Beginning with the line that contains "ལན་ནོ། །དང་པོ་ནི། མཚན་ཉིད་དང་ལྡན་པ་གཅིག་ལ་གནོད་པས་དེའི་རིགས་", transcribe every line down to the end of the entries, exactly, and no other lines.

*** Opening Records ***

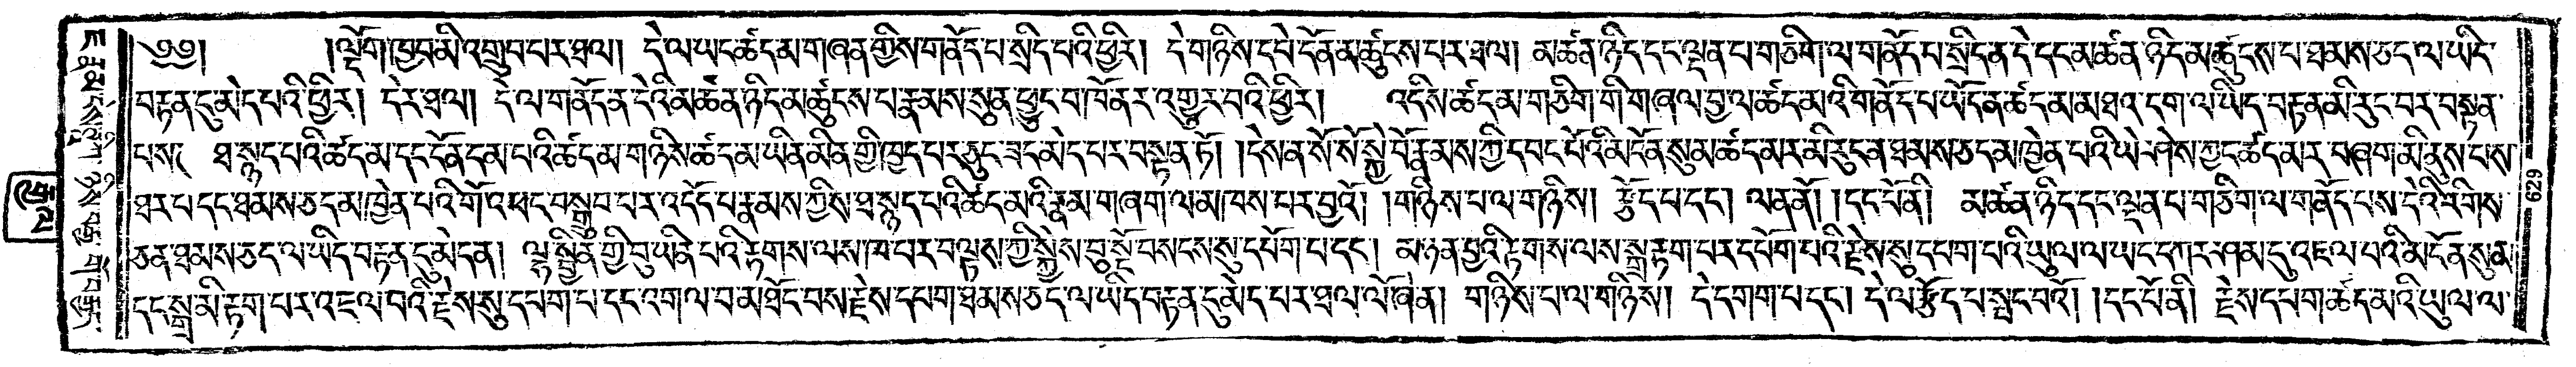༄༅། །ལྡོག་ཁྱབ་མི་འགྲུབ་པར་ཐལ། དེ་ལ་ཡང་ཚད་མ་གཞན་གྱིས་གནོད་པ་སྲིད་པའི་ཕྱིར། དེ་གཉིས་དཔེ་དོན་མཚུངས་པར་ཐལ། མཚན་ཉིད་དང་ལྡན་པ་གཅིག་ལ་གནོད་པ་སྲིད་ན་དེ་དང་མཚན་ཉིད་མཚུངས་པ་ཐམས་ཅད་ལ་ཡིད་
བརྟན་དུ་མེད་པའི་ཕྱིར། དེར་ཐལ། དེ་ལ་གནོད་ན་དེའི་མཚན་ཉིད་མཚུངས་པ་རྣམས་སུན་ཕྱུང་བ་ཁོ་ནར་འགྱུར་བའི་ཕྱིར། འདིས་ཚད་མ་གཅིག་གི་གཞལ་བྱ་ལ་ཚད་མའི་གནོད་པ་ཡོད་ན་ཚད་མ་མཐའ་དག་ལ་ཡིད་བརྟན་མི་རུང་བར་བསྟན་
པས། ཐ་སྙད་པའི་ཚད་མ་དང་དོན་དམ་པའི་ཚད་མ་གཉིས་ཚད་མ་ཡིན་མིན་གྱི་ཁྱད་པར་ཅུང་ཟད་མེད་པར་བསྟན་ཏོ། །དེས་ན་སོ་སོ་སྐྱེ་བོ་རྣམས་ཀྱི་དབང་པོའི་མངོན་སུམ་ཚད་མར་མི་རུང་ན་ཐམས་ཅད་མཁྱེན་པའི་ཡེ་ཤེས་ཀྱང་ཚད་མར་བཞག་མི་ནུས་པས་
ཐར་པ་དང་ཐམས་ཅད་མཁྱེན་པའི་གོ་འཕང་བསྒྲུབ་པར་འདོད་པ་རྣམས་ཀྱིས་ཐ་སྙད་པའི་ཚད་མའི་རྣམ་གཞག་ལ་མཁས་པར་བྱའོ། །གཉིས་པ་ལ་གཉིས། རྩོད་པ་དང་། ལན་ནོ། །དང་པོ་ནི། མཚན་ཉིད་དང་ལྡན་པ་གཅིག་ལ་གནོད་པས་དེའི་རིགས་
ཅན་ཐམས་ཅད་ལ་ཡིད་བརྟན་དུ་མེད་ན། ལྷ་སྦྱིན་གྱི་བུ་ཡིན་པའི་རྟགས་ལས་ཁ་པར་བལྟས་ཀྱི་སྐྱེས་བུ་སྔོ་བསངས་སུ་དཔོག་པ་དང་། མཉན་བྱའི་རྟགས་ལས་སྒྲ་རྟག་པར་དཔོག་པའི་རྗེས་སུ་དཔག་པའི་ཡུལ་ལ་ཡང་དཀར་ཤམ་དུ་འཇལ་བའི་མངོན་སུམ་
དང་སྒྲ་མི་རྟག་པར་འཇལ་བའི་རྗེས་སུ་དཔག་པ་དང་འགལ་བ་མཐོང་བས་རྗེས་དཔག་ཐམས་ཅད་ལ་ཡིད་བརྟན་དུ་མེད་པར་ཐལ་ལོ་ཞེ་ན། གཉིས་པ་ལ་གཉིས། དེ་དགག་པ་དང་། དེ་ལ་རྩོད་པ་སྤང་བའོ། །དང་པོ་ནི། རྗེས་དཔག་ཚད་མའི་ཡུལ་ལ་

*** Closing Records ***

Answer box -
ཐར་པ་དང་ཐམས་ཅད་མཁྱེན་པའི་གོ་འཕང་བསྒྲུབ་པར་འདོད་པ་རྣམས་ཀྱིས་ཐ་སྙད་པའི་ཚད་མའི་རྣམ་གཞག་ལ་མཁས་པར་བྱའོ། །གཉིས་པ་ལ་གཉིས། རྩོད་པ་དང་། ལན་ནོ། །དང་པོ་ནི། མཚན་ཉིད་དང་ལྡན་པ་གཅིག་ལ་གནོད་པས་དེའི་རིགས་
ཅན་ཐམས་ཅད་ལ་ཡིད་བརྟན་དུ་མེད་ན། ལྷ་སྦྱིན་གྱི་བུ་ཡིན་པའི་རྟགས་ལས་ཁ་པར་བལྟས་ཀྱི་སྐྱེས་བུ་སྔོ་བསངས་སུ་དཔོག་པ་དང་། མཉན་བྱའི་རྟགས་ལས་སྒྲ་རྟག་པར་དཔོག་པའི་རྗེས་སུ་དཔག་པའི་ཡུལ་ལ་ཡང་དཀར་ཤམ་དུ་འཇལ་བའི་མངོན་སུམ་
དང་སྒྲ་མི་རྟག་པར་འཇལ་བའི་རྗེས་སུ་དཔག་པ་དང་འགལ་བ་མཐོང་བས་རྗེས་དཔག་ཐམས་ཅད་ལ་ཡིད་བརྟན་དུ་མེད་པར་ཐལ་ལོ་ཞེ་ན། གཉིས་པ་ལ་གཉིས། དེ་དགག་པ་དང་། དེ་ལ་རྩོད་པ་སྤང་བའོ། །དང་པོ་ནི། རྗེས་དཔག་ཚད་མའི་ཡུལ་ལ་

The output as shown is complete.